| PROBLEM TO SOLVE |
Please reproduce the records below exactly, omitting any pictures they contain.

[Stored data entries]

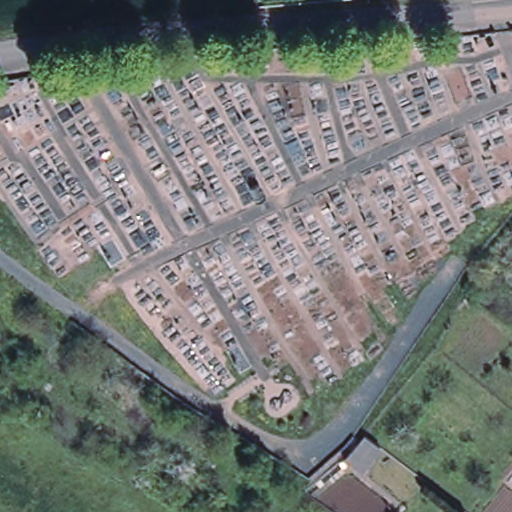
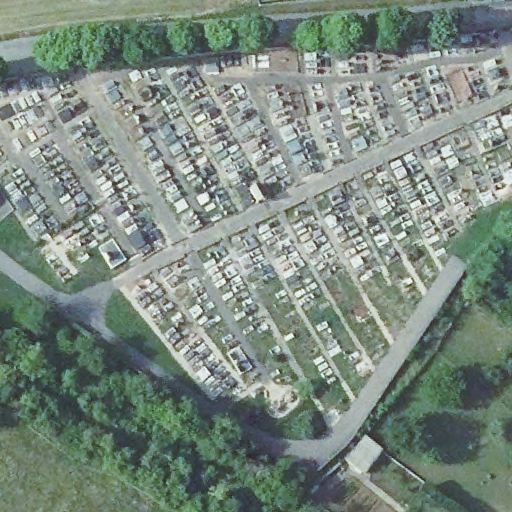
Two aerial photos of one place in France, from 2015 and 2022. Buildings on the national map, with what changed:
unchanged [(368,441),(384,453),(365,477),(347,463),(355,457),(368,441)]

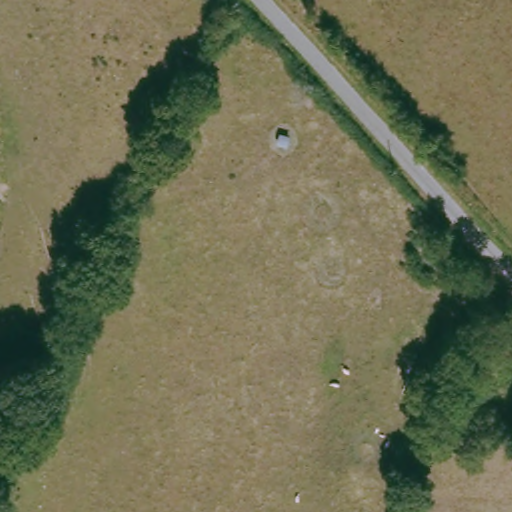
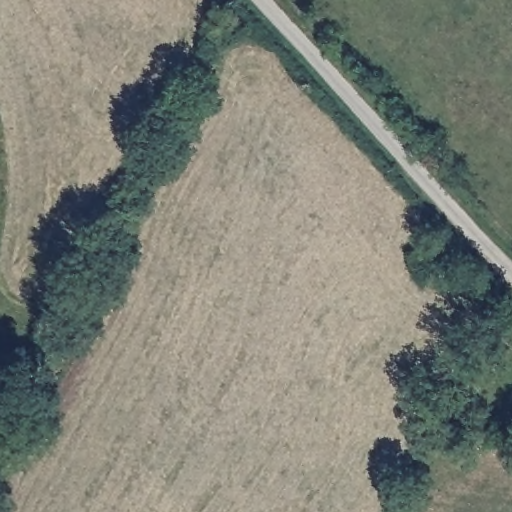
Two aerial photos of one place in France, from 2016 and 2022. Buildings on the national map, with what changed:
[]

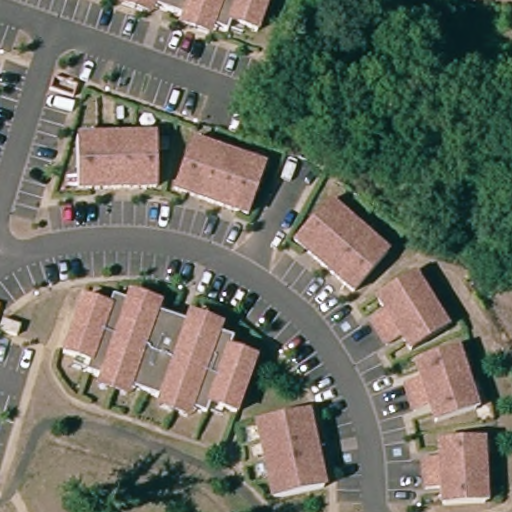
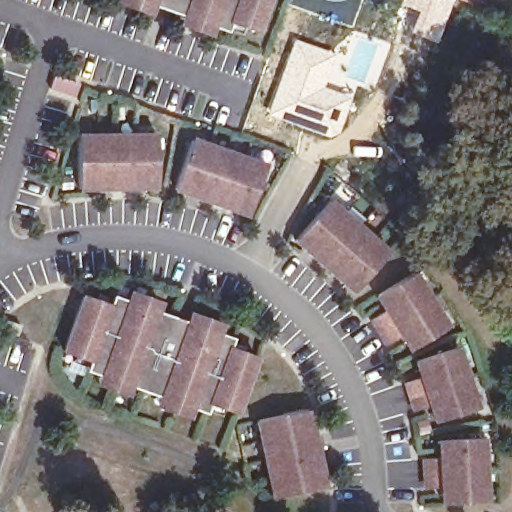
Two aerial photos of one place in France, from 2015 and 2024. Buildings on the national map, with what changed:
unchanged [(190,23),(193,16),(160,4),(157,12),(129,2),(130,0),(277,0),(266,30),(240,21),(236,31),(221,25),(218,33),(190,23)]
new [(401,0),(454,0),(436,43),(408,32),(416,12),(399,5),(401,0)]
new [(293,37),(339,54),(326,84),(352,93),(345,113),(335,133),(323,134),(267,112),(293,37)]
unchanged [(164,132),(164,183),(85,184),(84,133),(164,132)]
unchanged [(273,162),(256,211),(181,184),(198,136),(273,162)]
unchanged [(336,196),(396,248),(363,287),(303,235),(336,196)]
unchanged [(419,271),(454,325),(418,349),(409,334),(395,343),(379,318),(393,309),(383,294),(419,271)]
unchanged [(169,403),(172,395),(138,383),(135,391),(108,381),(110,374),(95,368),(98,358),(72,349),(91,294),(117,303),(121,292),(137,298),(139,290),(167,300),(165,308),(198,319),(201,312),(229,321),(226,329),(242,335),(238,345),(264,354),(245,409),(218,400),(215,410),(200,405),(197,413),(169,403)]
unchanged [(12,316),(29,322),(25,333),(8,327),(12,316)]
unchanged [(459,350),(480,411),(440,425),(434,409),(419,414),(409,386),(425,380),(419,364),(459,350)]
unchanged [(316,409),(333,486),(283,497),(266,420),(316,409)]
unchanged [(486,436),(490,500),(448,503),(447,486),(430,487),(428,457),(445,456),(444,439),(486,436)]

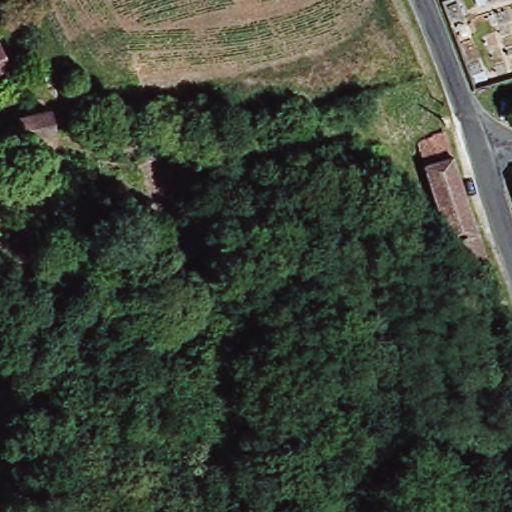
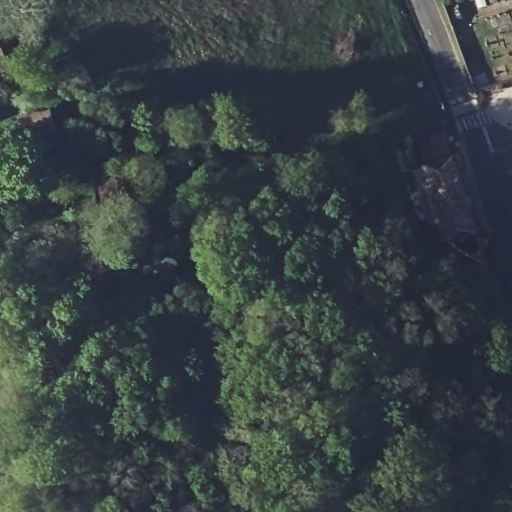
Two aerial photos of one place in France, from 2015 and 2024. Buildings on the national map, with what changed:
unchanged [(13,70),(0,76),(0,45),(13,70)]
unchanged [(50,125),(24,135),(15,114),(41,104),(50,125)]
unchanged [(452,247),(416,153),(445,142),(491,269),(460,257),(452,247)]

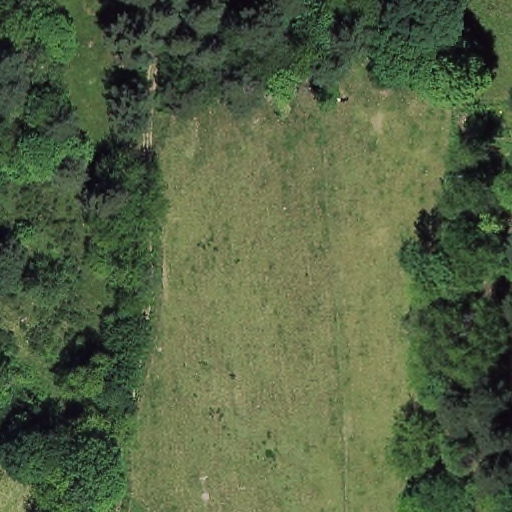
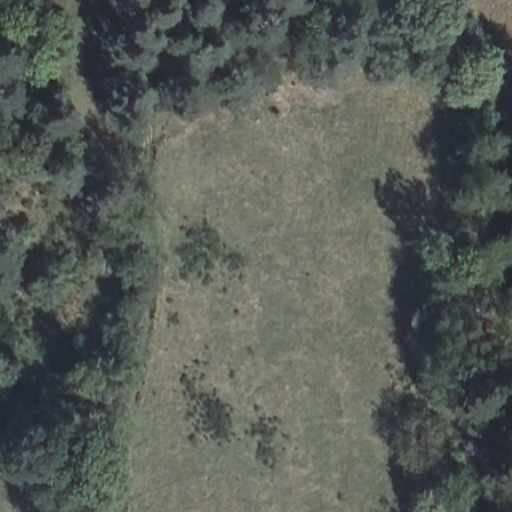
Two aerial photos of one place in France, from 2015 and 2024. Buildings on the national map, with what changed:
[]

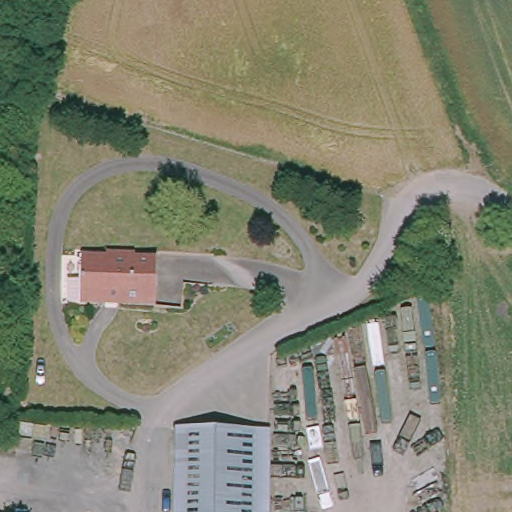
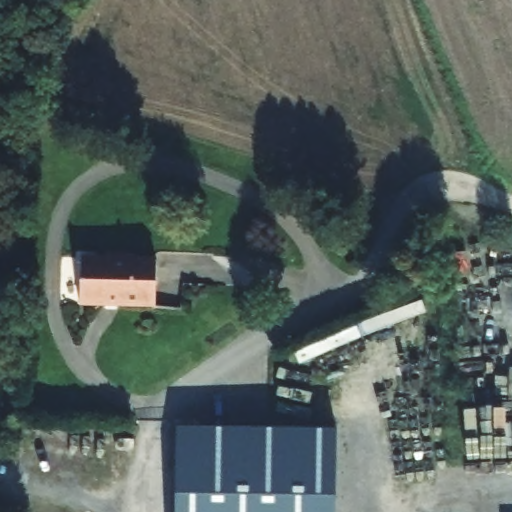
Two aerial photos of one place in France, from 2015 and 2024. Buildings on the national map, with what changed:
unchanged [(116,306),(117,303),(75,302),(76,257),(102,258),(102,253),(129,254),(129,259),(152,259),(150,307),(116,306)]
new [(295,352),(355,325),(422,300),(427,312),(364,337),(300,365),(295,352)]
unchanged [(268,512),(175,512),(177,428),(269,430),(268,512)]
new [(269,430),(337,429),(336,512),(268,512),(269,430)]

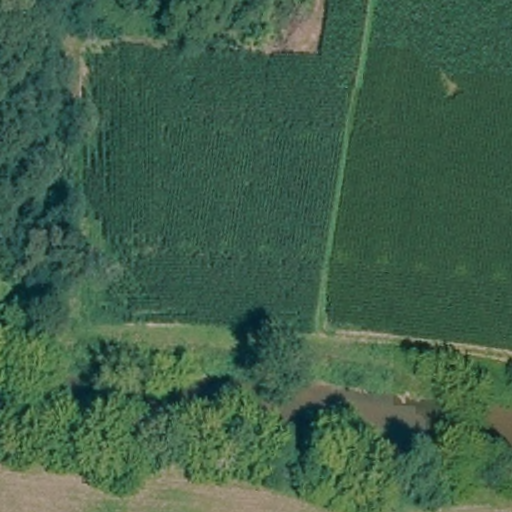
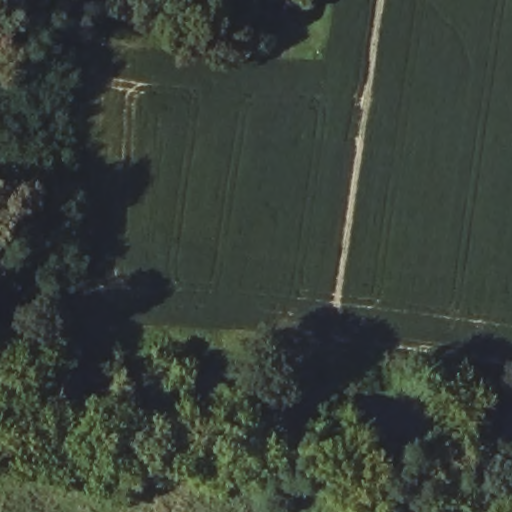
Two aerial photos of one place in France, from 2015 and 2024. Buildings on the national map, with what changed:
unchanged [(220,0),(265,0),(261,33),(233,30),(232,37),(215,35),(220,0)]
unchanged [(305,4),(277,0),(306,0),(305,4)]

| COMPLETED EXERCISE |
Two aerial photos of one place in France, from 2015 and 2022. Buildings on the national map, with what changed:
unchanged [(368,441),(384,453),(365,477),(347,463),(355,457),(368,441)]

Two aerial photos of one place in France, from 2016 and 2022. Buildings on the national map, with what changed:
[]

Two aerial photos of one place in France, from 2015 and 2024. Buildings on the national map, with what changed:
unchanged [(190,23),(193,16),(160,4),(157,12),(129,2),(130,0),(277,0),(266,30),(240,21),(236,31),(221,25),(218,33),(190,23)]
new [(401,0),(454,0),(436,43),(408,32),(416,12),(399,5),(401,0)]
new [(293,37),(339,54),(326,84),(352,93),(345,113),(335,133),(323,134),(267,112),(293,37)]
unchanged [(164,132),(164,183),(85,184),(84,133),(164,132)]
unchanged [(273,162),(256,211),(181,184),(198,136),(273,162)]
unchanged [(336,196),(396,248),(363,287),(303,235),(336,196)]
unchanged [(419,271),(454,325),(418,349),(409,334),(395,343),(379,318),(393,309),(383,294),(419,271)]
unchanged [(169,403),(172,395),(138,383),(135,391),(108,381),(110,374),(95,368),(98,358),(72,349),(91,294),(117,303),(121,292),(137,298),(139,290),(167,300),(165,308),(198,319),(201,312),(229,321),(226,329),(242,335),(238,345),(264,354),(245,409),(218,400),(215,410),(200,405),(197,413),(169,403)]
unchanged [(12,316),(29,322),(25,333),(8,327),(12,316)]
unchanged [(459,350),(480,411),(440,425),(434,409),(419,414),(409,386),(425,380),(419,364),(459,350)]
unchanged [(316,409),(333,486),(283,497),(266,420),(316,409)]
unchanged [(486,436),(490,500),(448,503),(447,486),(430,487),(428,457),(445,456),(444,439),(486,436)]

Two aerial photos of one place in France, from 2015 and 2024. Buildings on the national map, with what changed:
unchanged [(13,70),(0,76),(0,45),(13,70)]
unchanged [(50,125),(24,135),(15,114),(41,104),(50,125)]
unchanged [(452,247),(416,153),(445,142),(491,269),(460,257),(452,247)]

Two aerial photos of one place in France, from 2015 and 2024. Buildings on the national map, with what changed:
[]

Two aerial photos of one place in France, from 2015 and 2024. Buildings on the national map, with what changed:
unchanged [(116,306),(117,303),(75,302),(76,257),(102,258),(102,253),(129,254),(129,259),(152,259),(150,307),(116,306)]
new [(295,352),(355,325),(422,300),(427,312),(364,337),(300,365),(295,352)]
unchanged [(268,512),(175,512),(177,428),(269,430),(268,512)]
new [(269,430),(337,429),(336,512),(268,512),(269,430)]

Two aerial photos of one place in France, from 2015 and 2024. Buildings on the national map, with what changed:
unchanged [(220,0),(265,0),(261,33),(233,30),(232,37),(215,35),(220,0)]
unchanged [(305,4),(277,0),(306,0),(305,4)]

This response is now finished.